Exercise aim =>
An image-free reproduction of the data below is needed: print it exactly.

Records drawn from a dataset =>
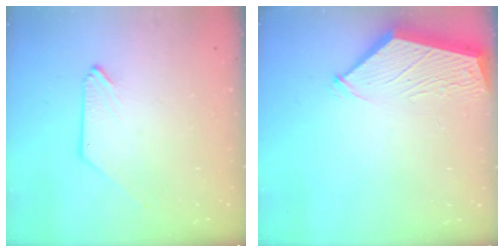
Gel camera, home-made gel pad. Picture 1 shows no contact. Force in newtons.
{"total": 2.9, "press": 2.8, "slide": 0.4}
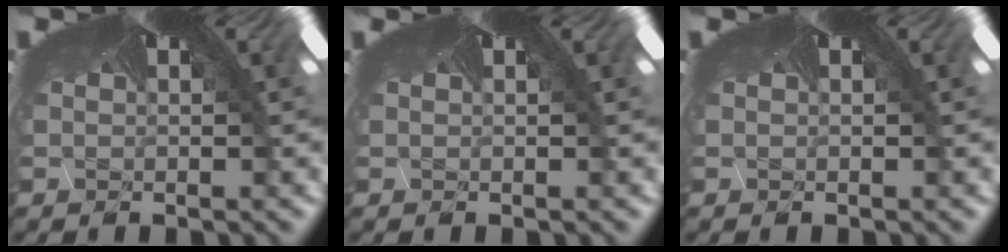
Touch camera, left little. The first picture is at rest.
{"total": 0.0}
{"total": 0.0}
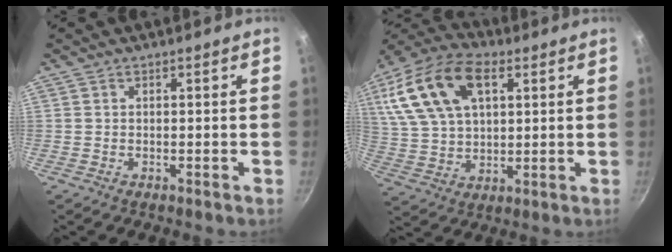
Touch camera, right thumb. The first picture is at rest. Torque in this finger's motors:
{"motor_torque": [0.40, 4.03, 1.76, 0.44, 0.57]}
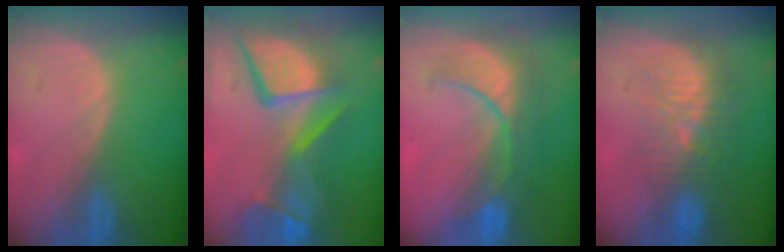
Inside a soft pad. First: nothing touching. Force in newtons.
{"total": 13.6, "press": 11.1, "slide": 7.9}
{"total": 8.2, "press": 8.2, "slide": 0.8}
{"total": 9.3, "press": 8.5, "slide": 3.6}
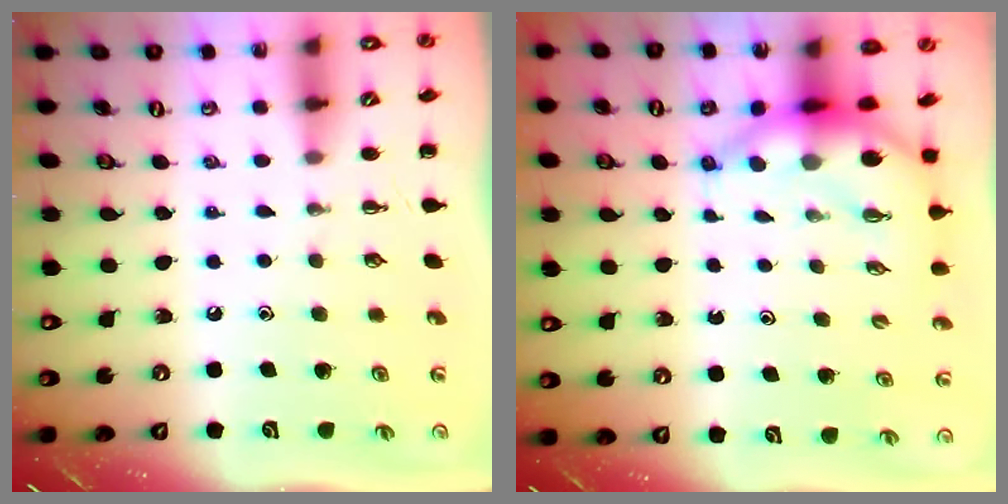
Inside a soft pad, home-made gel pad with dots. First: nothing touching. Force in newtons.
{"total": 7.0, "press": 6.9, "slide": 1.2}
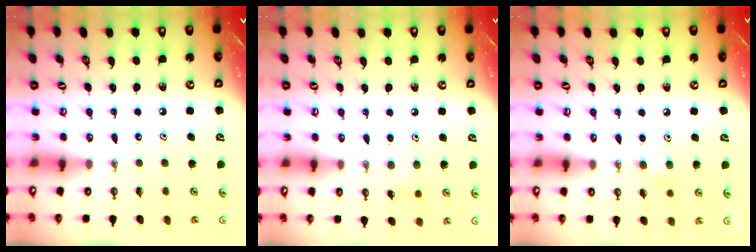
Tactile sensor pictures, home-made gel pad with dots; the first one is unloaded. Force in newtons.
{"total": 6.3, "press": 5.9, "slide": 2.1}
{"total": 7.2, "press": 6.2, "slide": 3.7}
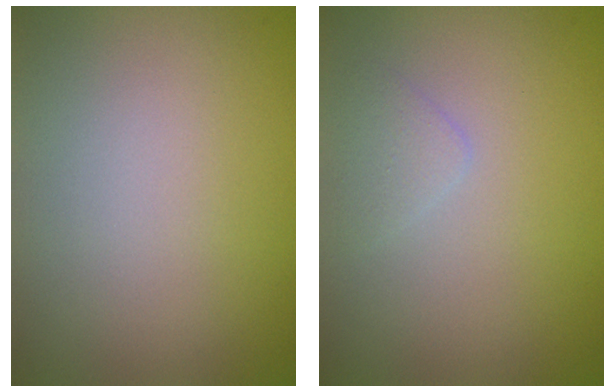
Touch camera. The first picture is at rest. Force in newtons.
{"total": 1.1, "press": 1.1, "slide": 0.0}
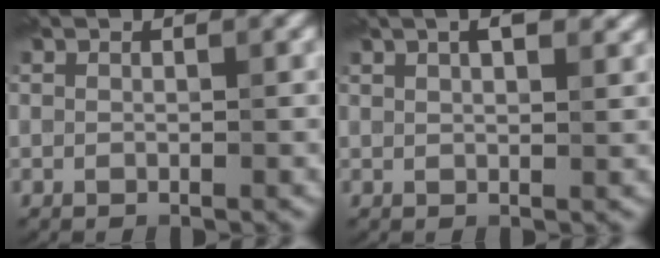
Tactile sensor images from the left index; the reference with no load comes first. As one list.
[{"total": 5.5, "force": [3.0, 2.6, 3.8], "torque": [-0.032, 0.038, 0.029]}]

Result for this exercise =>
Gel camera, home-made gel pad. Picture 1 shows no contact. Force in newtons.
{"total": 2.9, "press": 2.8, "slide": 0.4}
Touch camera, left little. The first picture is at rest.
{"total": 0.0}
{"total": 0.0}
Touch camera, right thumb. The first picture is at rest. Torque in this finger's motors:
{"motor_torque": [0.40, 4.03, 1.76, 0.44, 0.57]}
Inside a soft pad. First: nothing touching. Force in newtons.
{"total": 13.6, "press": 11.1, "slide": 7.9}
{"total": 8.2, "press": 8.2, "slide": 0.8}
{"total": 9.3, "press": 8.5, "slide": 3.6}
Inside a soft pad, home-made gel pad with dots. First: nothing touching. Force in newtons.
{"total": 7.0, "press": 6.9, "slide": 1.2}
Tactile sensor pictures, home-made gel pad with dots; the first one is unloaded. Force in newtons.
{"total": 6.3, "press": 5.9, "slide": 2.1}
{"total": 7.2, "press": 6.2, "slide": 3.7}
Touch camera. The first picture is at rest. Force in newtons.
{"total": 1.1, "press": 1.1, "slide": 0.0}
Tactile sensor images from the left index; the reference with no load comes first. As one list.
[{"total": 5.5, "force": [3.0, 2.6, 3.8], "torque": [-0.032, 0.038, 0.029]}]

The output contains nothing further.